* **WORK ITEM**
Each entry should be duplicated verbatim; its pictures should not be.

Content starts

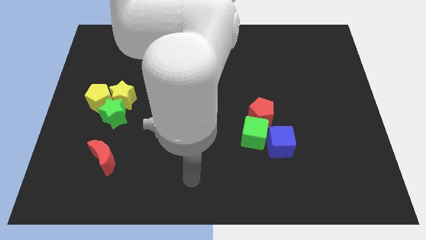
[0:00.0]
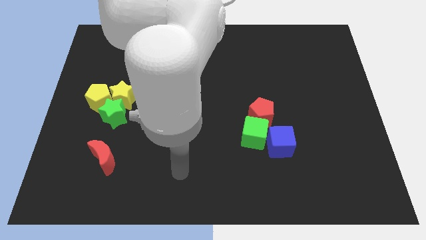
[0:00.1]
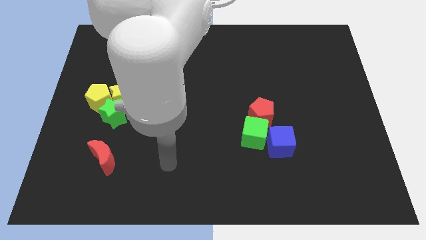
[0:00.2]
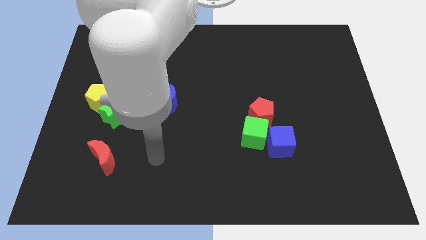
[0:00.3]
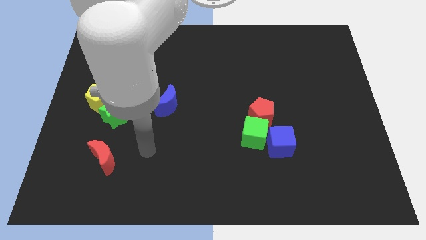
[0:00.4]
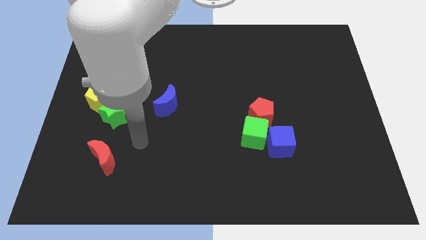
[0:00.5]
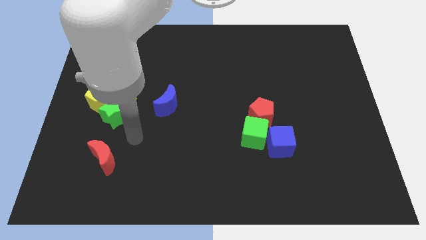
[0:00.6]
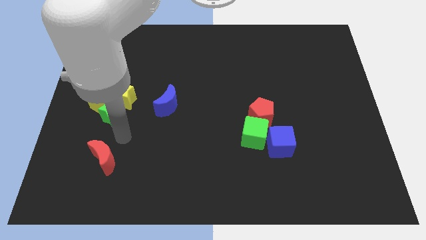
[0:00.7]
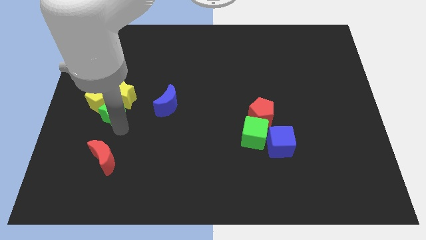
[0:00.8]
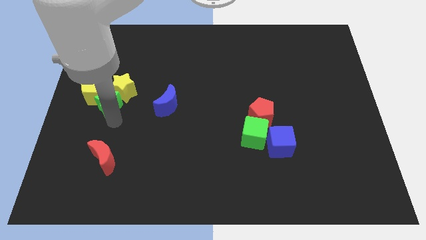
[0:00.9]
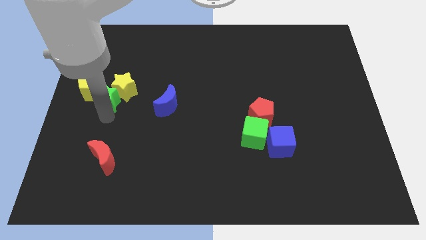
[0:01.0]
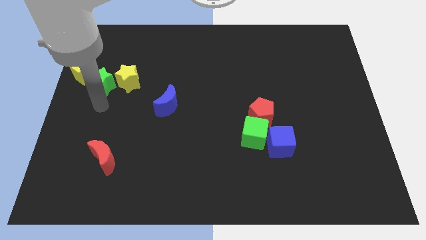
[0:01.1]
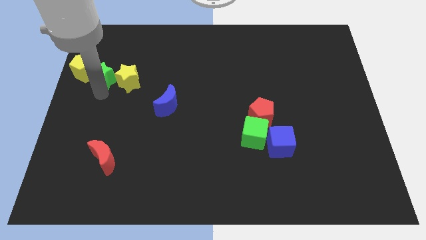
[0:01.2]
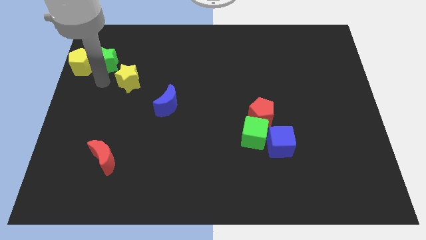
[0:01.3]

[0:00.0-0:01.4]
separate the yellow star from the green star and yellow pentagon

Content ends

* **WRITTEN SOLUTION**
[0:00.0]
[0:00.1]
[0:00.2]
[0:00.3]
[0:00.4]
[0:00.5]
[0:00.6]
[0:00.7]
[0:00.8]
[0:00.9]
[0:01.0]
[0:01.1]
[0:01.2]
[0:01.3]

[0:00.0-0:01.4]
separate the yellow star from the green star and yellow pentagon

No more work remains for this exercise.